MG$^2$-RAG: Multi-Granularity Graph for Multimodal Retrieval-Augmented Generation
New graph-based RAG system achieves state-of-the-art performance while slashing costs by 24x and speeding up processing 43x.
A research team led by Sijun Dai has introduced MG²-RAG (Multi-Granularity Graph for Multimodal Retrieval-Augmented Generation), a novel framework that addresses critical limitations in current multimodal AI systems. While traditional RAG helps reduce hallucinations in Multimodal Large Language Models (MLLMs), existing approaches struggle with complex cross-modal reasoning—flat vector retrieval ignores structural dependencies, and graph-based methods rely on costly "translation-to-text" pipelines that discard fine-grained visual information. MG²-RAG tackles these problems by constructing hierarchical multimodal knowledge graphs that combine lightweight textual parsing with entity-driven visual grounding, creating unified multimodal nodes that preserve atomic evidence from both text and visual sources.

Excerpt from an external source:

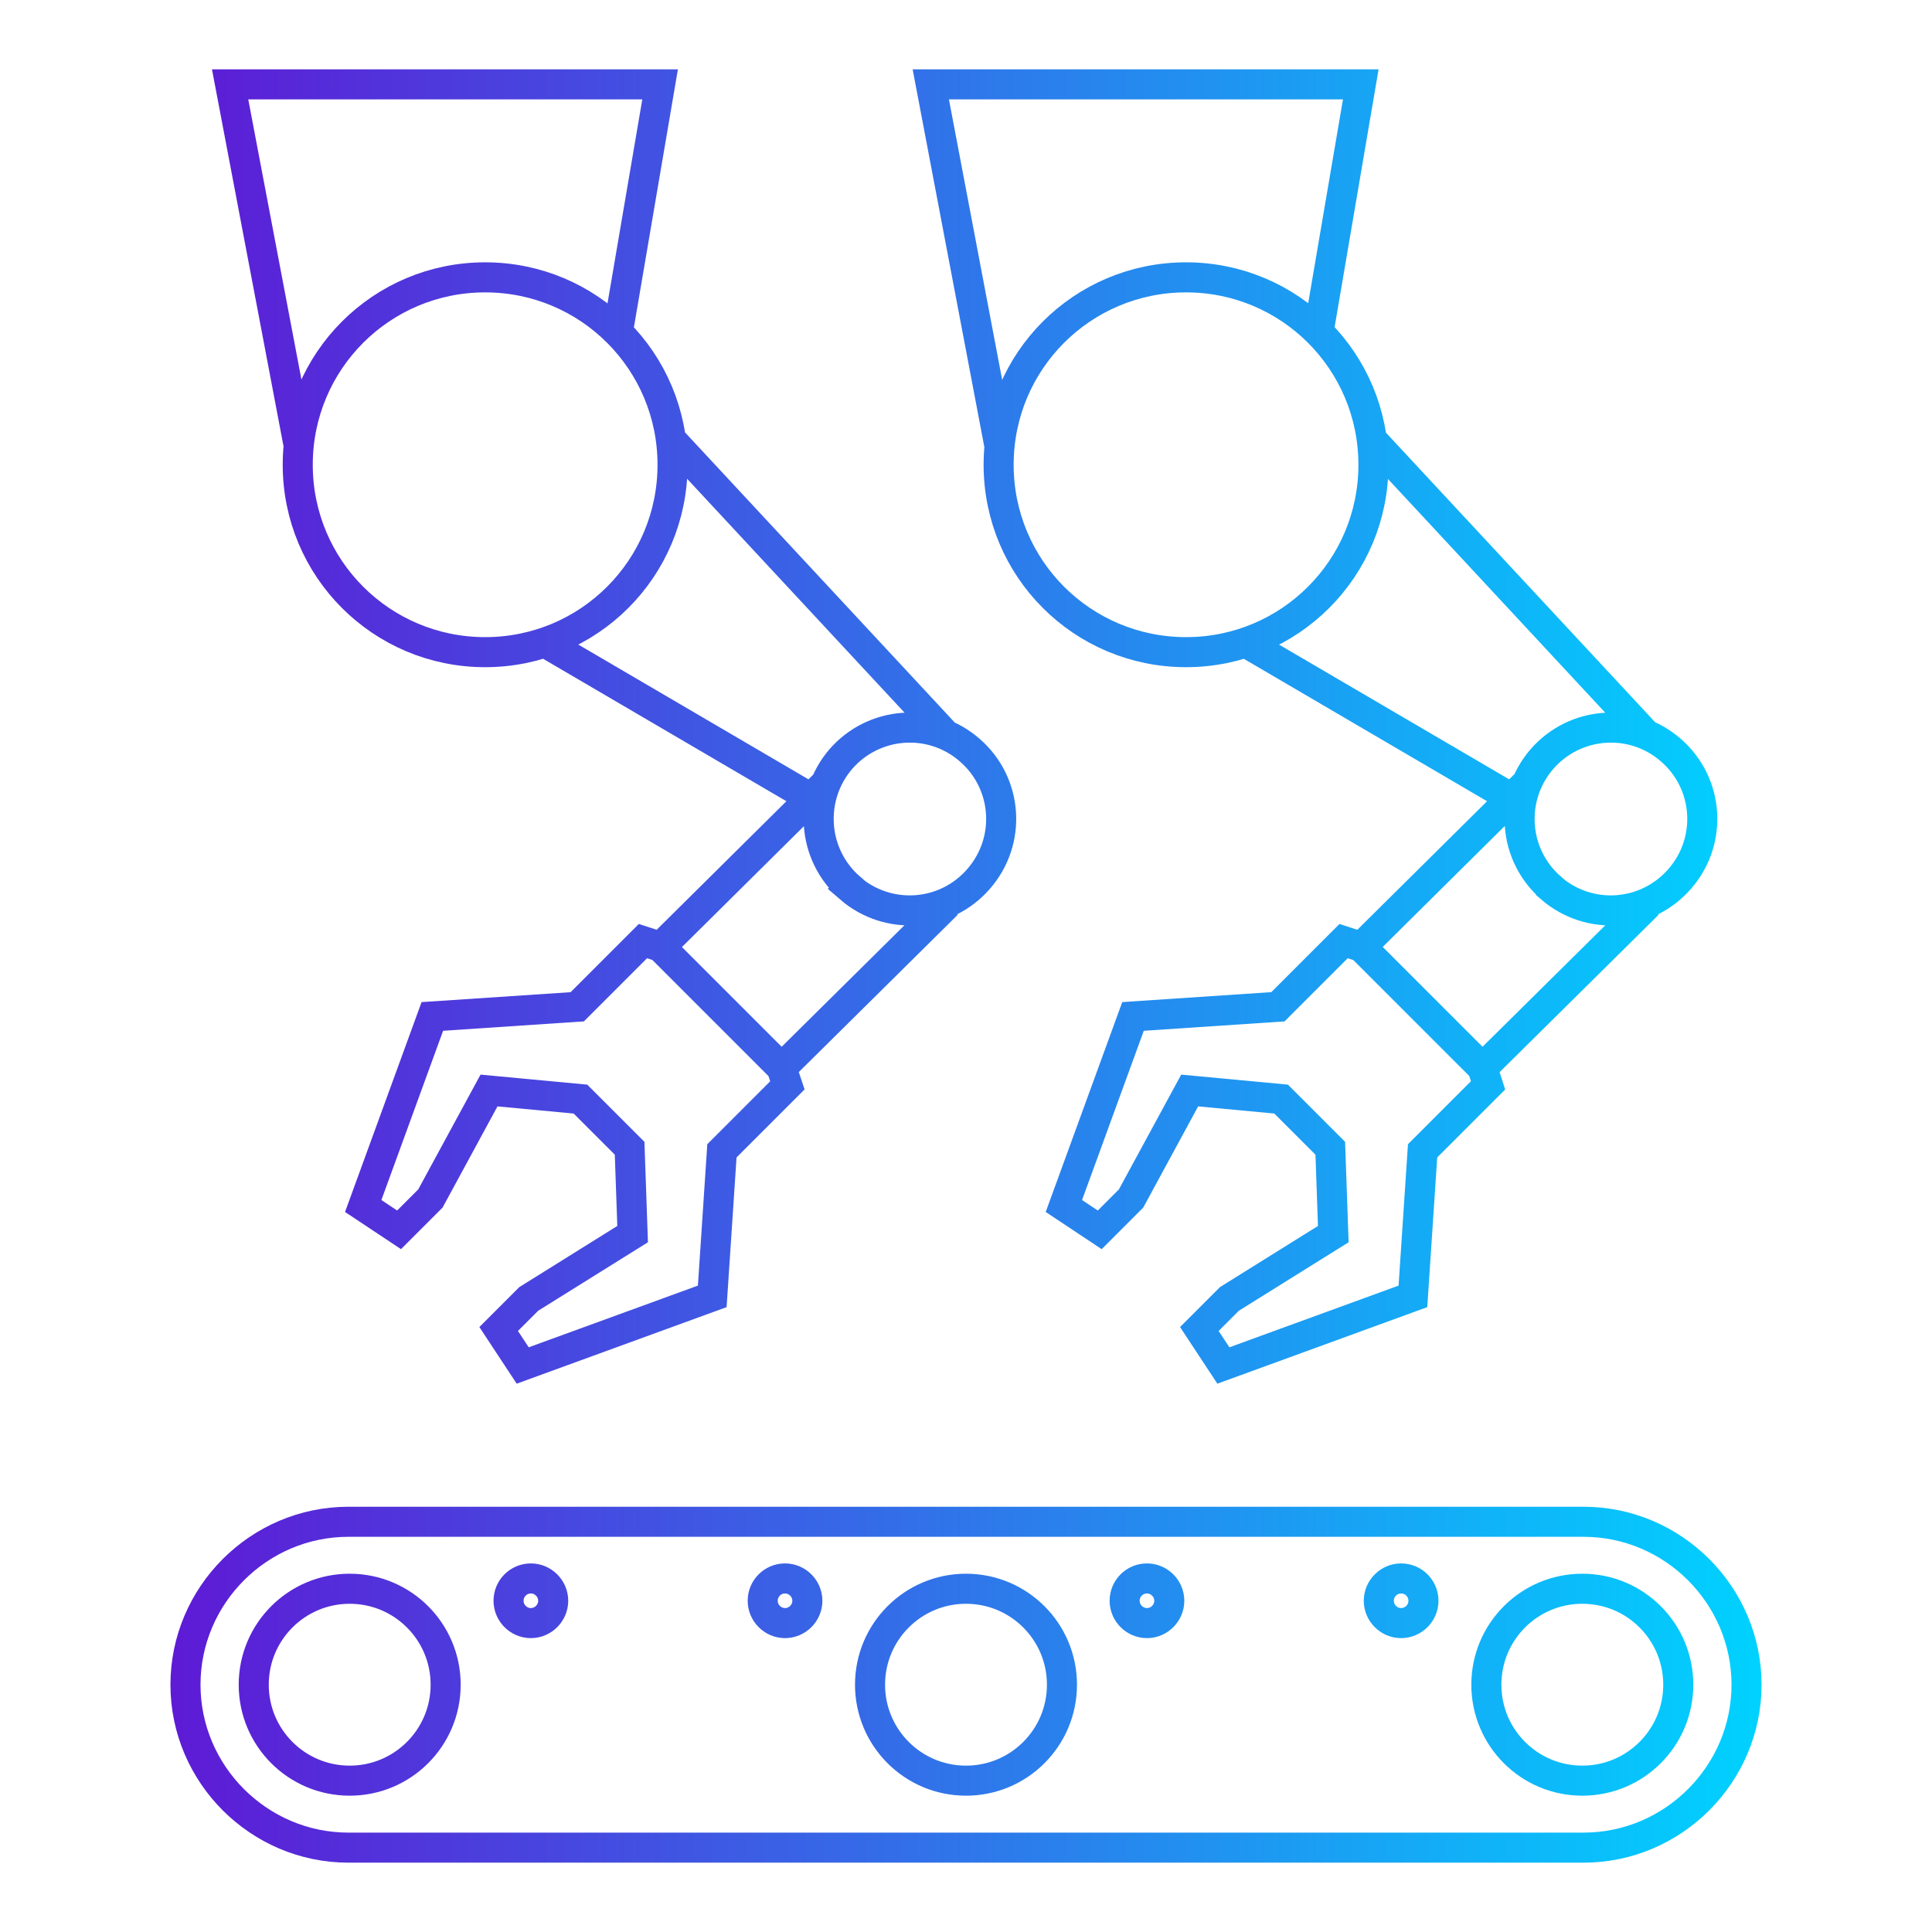 <?xml version="1.0" encoding="UTF-8"?><svg id="Layer_1" xmlns="http://www.w3.org/2000/svg" xmlns:xlink="http://www.w3.org/1999/xlink" viewBox="0 0 90 90"><defs><linearGradient id="linear-gradient" x1="7.94" y1="45" x2="82.06" y2="45" gradientUnits="userSpaceOnUse"><stop offset="0" stop-color="#5e1ad5"/><stop offset="1" stop-color="#00d2ff"/></linearGradient></defs><path d="M63.42,44.11l5.65,5.65M61.42,15.48l1.97-11.55h-20.03l3.2,16.86M55.25,30.38c-4.83,0-8.73-3.9-8.73-8.73s3.9-8.73,8.73-8.73,8.73,3.9,8.73,8.73-3.9,8.73-8.73,8.73h0ZM76.71,34.25l-12.82-13.79M58.03,29.93l12.98,7.6M72.25,41.36c-1.77-1.54-1.96-4.22-.42-6,1.54-1.77,4.22-1.97,6-.42,1.78,1.54,1.97,4.22.42,6s-4.22,1.97-6,.43h0ZM71.12,36.48l-7.7,7.63-.83-.27-3.06,3.06-6.75.45-3.22,8.83,1.67,1.11,1.46-1.46,2.73-5.03,4.26.4,2.29,2.29.14,4-4.84,3.02-1.4,1.4,1.12,1.7,8.83-3.22.45-6.78,3.05-3.05-.26-.81,7.71-7.63M30.77,44.11l5.65,5.65M28.78,15.48l1.97-11.55H10.72l3.2,16.86M22.6,30.38c-4.83,0-8.73-3.9-8.73-8.73s3.9-8.73,8.73-8.73,8.73,3.9,8.73,8.73-3.9,8.73-8.73,8.73h0ZM44.07,34.25l-12.82-13.79M25.39,29.93l12.98,7.6M39.6,41.36c-1.77-1.54-1.96-4.22-.43-6,1.54-1.77,4.22-1.97,6-.42,1.78,1.54,1.97,4.22.42,6-1.54,1.78-4.22,1.97-6,.43h0ZM38.48,36.48l-7.7,7.63-.83-.27-3.06,3.06-6.75.45-3.22,8.83,1.67,1.11,1.46-1.46,2.73-5.03,4.26.4,2.29,2.29.14,4-4.84,3.02-1.4,1.4,1.12,1.7,8.83-3.22.45-6.78,3.05-3.05-.27-.81,7.71-7.63M24.73,73.53c-.58,0-1.04.47-1.04,1.04s.47,1.04,1.04,1.04,1.04-.47,1.04-1.04-.47-1.04-1.04-1.04h0ZM65.27,73.53c.58,0,1.04.47,1.04,1.04s-.47,1.04-1.04,1.04-1.04-.47-1.04-1.04.47-1.04,1.04-1.04h0ZM73.77,86.07c4.17,0,7.59-3.42,7.59-7.59s-3.42-7.59-7.59-7.59H16.23c-4.17,0-7.59,3.42-7.59,7.59s3.42,7.59,7.59,7.59h57.54ZM73.71,74.01c2.47,0,4.47,2,4.47,4.47s-2,4.47-4.47,4.47-4.47-2-4.47-4.47,2-4.47,4.47-4.47h0ZM16.29,74.01c-2.47,0-4.47,2-4.47,4.47s2,4.47,4.47,4.47,4.47-2,4.47-4.47-2-4.47-4.47-4.47h0ZM53.43,73.53c-.58,0-1.04.47-1.04,1.04s.47,1.04,1.04,1.04,1.04-.47,1.04-1.04-.47-1.04-1.04-1.04h0ZM36.57,73.53c-.58,0-1.04.47-1.04,1.04s.47,1.04,1.04,1.04,1.04-.47,1.04-1.04-.47-1.04-1.04-1.04h0ZM45,74.01c-2.47,0-4.47,2-4.47,4.47s2,4.47,4.47,4.47,4.47-2,4.47-4.47-2-4.47-4.47-4.47Z" style="fill:none; fill-rule:evenodd; stroke:url(#linear-gradient); stroke-miterlimit:10; stroke-width:1.4px;"/></svg>

The framework's core innovation lies in its multi-granularity graph retrieval mechanism, which aggregates dense similarities and propagates relevance across the graph to support structured multi-hop reasoning. This enables the system to perform complex inferences that connect textual concepts with specific visual regions. In extensive experiments across four representative multimodal tasks—retrieval, knowledge-based visual question answering (VQA), reasoning, and classification—MG²-RAG consistently achieved state-of-the-art performance while dramatically reducing computational overhead. Most impressively, the system delivered an average 43.3× speedup and 23.9× cost reduction compared to advanced graph-based frameworks, making sophisticated multimodal reasoning significantly more accessible and practical for real-world applications.
- MG²-RAG constructs hierarchical multimodal knowledge graphs that fuse text entities with visual regions into unified nodes, preserving fine-grained evidence
- The system achieves state-of-the-art performance across four multimodal tasks while delivering 43.3× faster graph construction and 23.9× cost reduction
- Introduces multi-granularity graph retrieval that aggregates similarities and propagates relevance to support structured multi-hop reasoning
Why It Matters
Enables more accurate and efficient multimodal AI reasoning for applications like visual search, document analysis, and complex Q&A systems at dramatically lower cost.